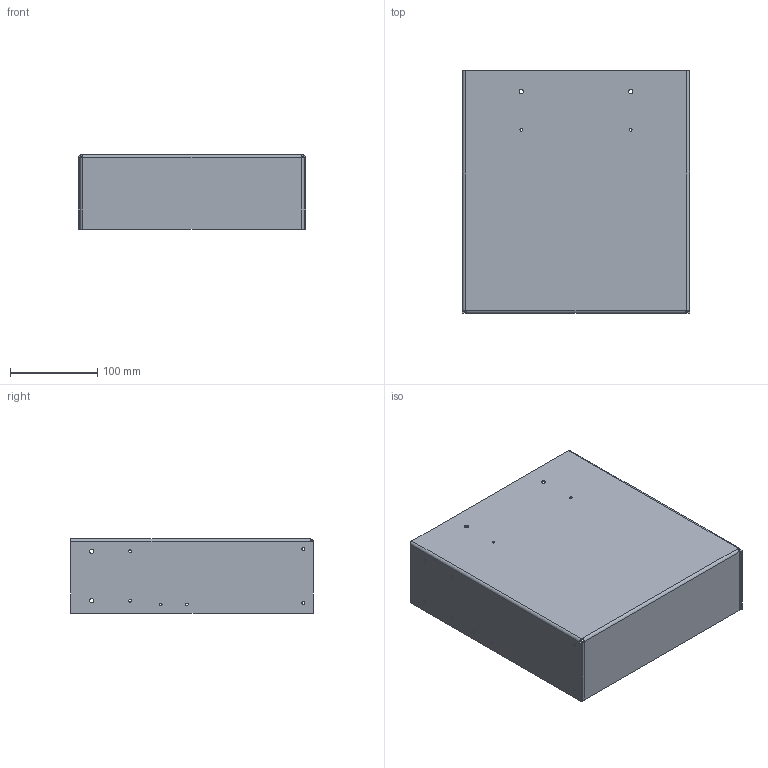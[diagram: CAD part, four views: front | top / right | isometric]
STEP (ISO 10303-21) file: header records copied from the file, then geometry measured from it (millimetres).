
FILE_DESCRIPTION(/* description */ (''),/* implementation_level */ '2;1');
FILE_NAME(/* name */ 'drawer.stp',/* time_stamp */ '2016-06-12T17:58:44-07:00',/* author */ ('cruiser'),/* organization */ (''),/* preprocessor_version */ 'ST-DEVELOPER v15.2',/* originating_system */ 'Autodesk Inventor 2014',/* authorisation */ '');
FILE_SCHEMA (('AUTOMOTIVE_DESIGN { 1 0 10303 214 3 1 1 }'));
Length unit declared in the file: millimetre
Products named in the file (1): drawer
Bounding box: 260.48 x 278.18 x 85.24 mm (x, y, z)
Volume: 226618.3 mm3; surface area: 288602.4 mm2
Topology: 1 solids, 1 shells, 74 faces, 176 edges, 104 vertices
Faces by surface type: plane 40, cylinder 34
Full cylindrical faces by diameter (mm): 3 x10, 3.3 x8, 5 x6
Entity records: 2108 total; most frequent: DIRECTION 370, CARTESIAN_POINT 331, ORIENTED_EDGE 304, EDGE_CURVE 152, EDGE_LOOP 146, AXIS2_PLACEMENT_3D 143, VERTEX_POINT 104, LINE 84
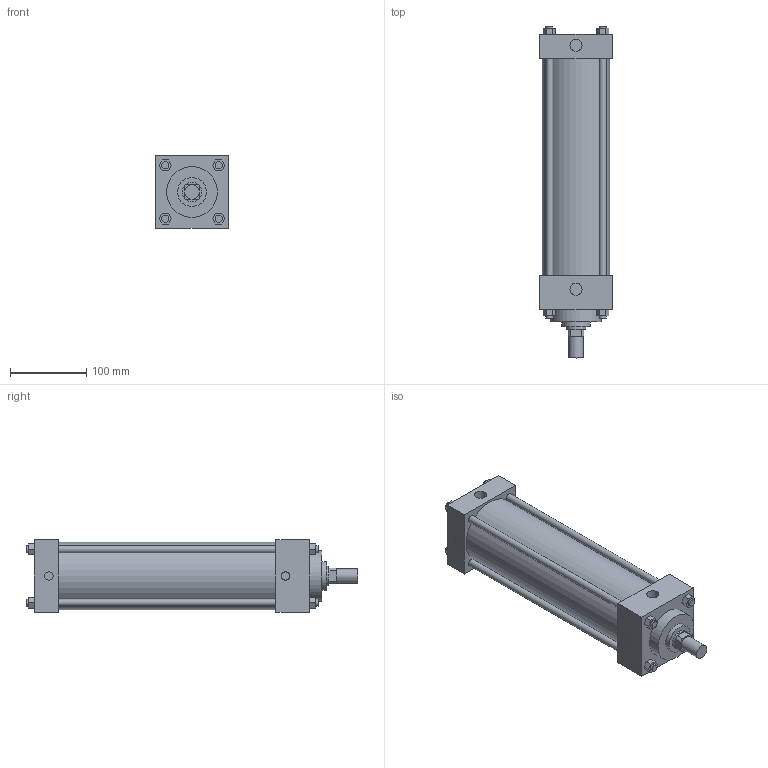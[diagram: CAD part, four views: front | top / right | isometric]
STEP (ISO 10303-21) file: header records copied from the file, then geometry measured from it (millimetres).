
FILE_DESCRIPTION((' Parasolid data model '),'2;1');
FILE_NAME('GSSL','1999-12-15T14:50:56+00:00',(' GSSL '),(' GSSL Pune '),'','GSSL Pune','Author');
FILE_SCHEMA(('CONFIG_CONTROL_DESIGN'));
Length unit declared in the file: millimetre
Bounding box: 95.25 x 436.56 x 95.25 mm (x, y, z)
Surface area: 180214.6 mm2 (no closed solid volume)
Topology: 0 solids, 9 shells, 126 faces, 325 edges, 234 vertices
Faces by surface type: plane 95, cylinder 31
Full cylindrical faces by diameter (mm): 9.525 x12, 11.113 x4, 12.7 x4, 15.926 x2, 19.05 x1, 25.4 x1, 38.1 x1, 66.675 x1, 88.9 x1
Entity records: 3685 total; most frequent: CARTESIAN_POINT 642, DIRECTION 592, ORIENTED_EDGE 492, EDGE_CURVE 294, LINE 232, VECTOR 232, VERTEX_POINT 230, EDGE_LOOP 194

Exercise objective: Give back all of the entries above exactly, with the pictures excluded.

Answer below:
[diagram: CAD part, four views: front | top / right | isometric]
STEP (ISO 10303-21) file: header records copied from the file, then geometry measured from it (millimetres).
FILE_DESCRIPTION(/* description */ (''),/* implementation_level */ '2;1');
FILE_NAME(/* name */ 'drawer.stp',/* time_stamp */ '2016-06-12T17:58:44-07:00',/* author */ ('cruiser'),/* organization */ (''),/* preprocessor_version */ 'ST-DEVELOPER v15.2',/* originating_system */ 'Autodesk Inventor 2014',/* authorisation */ '');
FILE_SCHEMA (('AUTOMOTIVE_DESIGN { 1 0 10303 214 3 1 1 }'));
Length unit declared in the file: millimetre
Products named in the file (1): drawer
Bounding box: 260.48 x 278.18 x 85.24 mm (x, y, z)
Volume: 226618.3 mm3; surface area: 288602.4 mm2
Topology: 1 solids, 1 shells, 74 faces, 176 edges, 104 vertices
Faces by surface type: plane 40, cylinder 34
Full cylindrical faces by diameter (mm): 3 x10, 3.3 x8, 5 x6
Entity records: 2108 total; most frequent: DIRECTION 370, CARTESIAN_POINT 331, ORIENTED_EDGE 304, EDGE_CURVE 152, EDGE_LOOP 146, AXIS2_PLACEMENT_3D 143, VERTEX_POINT 104, LINE 84
[diagram: CAD part, four views: front | top / right | isometric]
STEP (ISO 10303-21) file: header records copied from the file, then geometry measured from it (millimetres).
FILE_DESCRIPTION((' Parasolid data model '),'2;1');
FILE_NAME('GSSL','1999-12-15T14:50:56+00:00',(' GSSL '),(' GSSL Pune '),'','GSSL Pune','Author');
FILE_SCHEMA(('CONFIG_CONTROL_DESIGN'));
Length unit declared in the file: millimetre
Bounding box: 95.25 x 436.56 x 95.25 mm (x, y, z)
Surface area: 180214.6 mm2 (no closed solid volume)
Topology: 0 solids, 9 shells, 126 faces, 325 edges, 234 vertices
Faces by surface type: plane 95, cylinder 31
Full cylindrical faces by diameter (mm): 9.525 x12, 11.113 x4, 12.7 x4, 15.926 x2, 19.05 x1, 25.4 x1, 38.1 x1, 66.675 x1, 88.9 x1
Entity records: 3685 total; most frequent: CARTESIAN_POINT 642, DIRECTION 592, ORIENTED_EDGE 492, EDGE_CURVE 294, LINE 232, VECTOR 232, VERTEX_POINT 230, EDGE_LOOP 194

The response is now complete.